Stinski MF, Petrik DT. Functional roles of the human cytomegalovirus essential IE86 protein. Curr Top Microbiol Immunol. 2008;325:133-52. Review. PubMed PMID: 18637504.

Petrik DT, Schmitt KP, Stinski MF. The autoregulatory and transactivating functions of the human cytomegalovirus IE86 protein use independent mechanisms for promoter binding. J Virol. 2007 Jun;81(11):5807-18. Epub 2007 Mar 21. PubMed PMID: 17376893; PubMed Central PMCID: PMC1900308.

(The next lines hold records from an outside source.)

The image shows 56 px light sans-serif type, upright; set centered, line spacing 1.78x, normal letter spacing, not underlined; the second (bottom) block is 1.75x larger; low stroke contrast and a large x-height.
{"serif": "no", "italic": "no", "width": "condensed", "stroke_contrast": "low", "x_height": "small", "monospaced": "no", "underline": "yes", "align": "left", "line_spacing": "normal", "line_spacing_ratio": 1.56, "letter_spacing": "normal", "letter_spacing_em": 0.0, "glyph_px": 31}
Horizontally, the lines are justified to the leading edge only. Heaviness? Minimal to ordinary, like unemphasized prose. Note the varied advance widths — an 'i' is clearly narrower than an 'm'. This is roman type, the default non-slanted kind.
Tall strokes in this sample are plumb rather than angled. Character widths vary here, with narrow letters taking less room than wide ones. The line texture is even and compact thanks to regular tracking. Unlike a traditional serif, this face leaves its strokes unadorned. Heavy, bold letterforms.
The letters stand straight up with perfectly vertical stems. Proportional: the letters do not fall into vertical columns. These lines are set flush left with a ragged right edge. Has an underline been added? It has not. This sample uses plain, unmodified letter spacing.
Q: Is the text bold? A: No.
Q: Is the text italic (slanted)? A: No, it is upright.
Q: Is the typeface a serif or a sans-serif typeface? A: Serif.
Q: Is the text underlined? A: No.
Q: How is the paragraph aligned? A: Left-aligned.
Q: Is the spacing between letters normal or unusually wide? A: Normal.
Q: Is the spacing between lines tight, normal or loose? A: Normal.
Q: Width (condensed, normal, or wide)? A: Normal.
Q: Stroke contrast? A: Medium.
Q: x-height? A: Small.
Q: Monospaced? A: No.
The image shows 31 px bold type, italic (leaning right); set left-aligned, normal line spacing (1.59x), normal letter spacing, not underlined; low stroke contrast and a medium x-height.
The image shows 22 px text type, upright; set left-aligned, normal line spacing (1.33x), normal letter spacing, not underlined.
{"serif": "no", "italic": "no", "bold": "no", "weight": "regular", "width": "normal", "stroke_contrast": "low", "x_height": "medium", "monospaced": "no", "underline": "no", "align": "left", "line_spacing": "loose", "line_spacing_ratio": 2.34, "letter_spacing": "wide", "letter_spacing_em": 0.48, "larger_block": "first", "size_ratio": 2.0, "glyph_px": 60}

Petrik DT, Schmitt KP, Stinski MF. Inhibition of cellular DNA synthesis by the human cytomegalovirus IE86 protein is necessary for efficient virus replication. J Virol. 2006 Apr;80(8):3872-83. PubMed PMID: 16571804; PubMed Central PMCID:PMC1440472.

Honors and Awards

  • American Society of Microbiology, American Society for Virologists
  • Teaching: Principles of Infectious Disease Lab (Fall 2002)
  • International Herpesvirus Workshop, Madison, WI, July 2003.